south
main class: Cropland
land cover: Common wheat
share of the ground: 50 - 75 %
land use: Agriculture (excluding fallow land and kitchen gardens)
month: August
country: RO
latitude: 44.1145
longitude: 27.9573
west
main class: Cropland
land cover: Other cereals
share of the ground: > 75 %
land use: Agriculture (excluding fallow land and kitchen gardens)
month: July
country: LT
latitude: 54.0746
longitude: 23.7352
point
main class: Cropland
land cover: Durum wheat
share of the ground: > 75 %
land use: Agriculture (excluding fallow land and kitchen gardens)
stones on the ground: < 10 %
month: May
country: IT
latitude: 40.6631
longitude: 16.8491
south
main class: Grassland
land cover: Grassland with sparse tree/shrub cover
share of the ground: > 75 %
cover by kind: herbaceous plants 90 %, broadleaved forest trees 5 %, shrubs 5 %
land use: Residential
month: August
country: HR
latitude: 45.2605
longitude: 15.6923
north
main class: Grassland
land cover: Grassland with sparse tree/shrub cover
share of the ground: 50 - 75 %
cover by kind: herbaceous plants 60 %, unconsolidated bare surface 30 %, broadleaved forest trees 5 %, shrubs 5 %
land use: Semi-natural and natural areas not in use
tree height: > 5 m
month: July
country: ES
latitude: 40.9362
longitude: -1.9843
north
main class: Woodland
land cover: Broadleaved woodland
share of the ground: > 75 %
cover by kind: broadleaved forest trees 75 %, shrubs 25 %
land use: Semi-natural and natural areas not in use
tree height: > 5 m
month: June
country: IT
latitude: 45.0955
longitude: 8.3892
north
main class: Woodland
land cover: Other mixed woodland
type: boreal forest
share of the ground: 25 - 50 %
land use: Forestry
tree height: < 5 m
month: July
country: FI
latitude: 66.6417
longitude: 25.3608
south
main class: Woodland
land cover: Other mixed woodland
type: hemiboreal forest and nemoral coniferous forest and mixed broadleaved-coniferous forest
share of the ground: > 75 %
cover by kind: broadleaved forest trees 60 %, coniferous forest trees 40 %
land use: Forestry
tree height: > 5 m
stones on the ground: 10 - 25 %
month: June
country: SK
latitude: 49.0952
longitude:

**ABOUT THIS TASK:**
A word-for-word transcription of all the data is needed.

**EXERCISE ANSWER:**
south
main class: Cropland
land cover: Common wheat
share of the ground: 50 - 75 %
land use: Agriculture (excluding fallow land and kitchen gardens)
month: August
country: RO
latitude: 44.1145
longitude: 27.9573
west
main class: Cropland
land cover: Other cereals
share of the ground: > 75 %
land use: Agriculture (excluding fallow land and kitchen gardens)
month: July
country: LT
latitude: 54.0746
longitude: 23.7352
point
main class: Cropland
land cover: Durum wheat
share of the ground: > 75 %
land use: Agriculture (excluding fallow land and kitchen gardens)
stones on the ground: < 10 %
month: May
country: IT
latitude: 40.6631
longitude: 16.8491
south
main class: Grassland
land cover: Grassland with sparse tree/shrub cover
share of the ground: > 75 %
cover by kind: herbaceous plants 90 %, broadleaved forest trees 5 %, shrubs 5 %
land use: Residential
month: August
country: HR
latitude: 45.2605
longitude: 15.6923
north
main class: Grassland
land cover: Grassland with sparse tree/shrub cover
share of the ground: 50 - 75 %
cover by kind: herbaceous plants 60 %, unconsolidated bare surface 30 %, broadleaved forest trees 5 %, shrubs 5 %
land use: Semi-natural and natural areas not in use
tree height: > 5 m
month: July
country: ES
latitude: 40.9362
longitude: -1.9843
north
main class: Woodland
land cover: Broadleaved woodland
share of the ground: > 75 %
cover by kind: broadleaved forest trees 75 %, shrubs 25 %
land use: Semi-natural and natural areas not in use
tree height: > 5 m
month: June
country: IT
latitude: 45.0955
longitude: 8.3892
north
main class: Woodland
land cover: Other mixed woodland
type: boreal forest
share of the ground: 25 - 50 %
land use: Forestry
tree height: < 5 m
month: July
country: FI
latitude: 66.6417
longitude: 25.3608
south
main class: Woodland
land cover: Other mixed woodland
type: hemiboreal forest and nemoral coniferous forest and mixed broadleaved-coniferous forest
share of the ground: > 75 %
cover by kind: broadleaved forest trees 60 %, coniferous forest trees 40 %
land use: Forestry
tree height: > 5 m
stones on the ground: 10 - 25 %
month: June
country: SK
latitude: 49.0952
longitude:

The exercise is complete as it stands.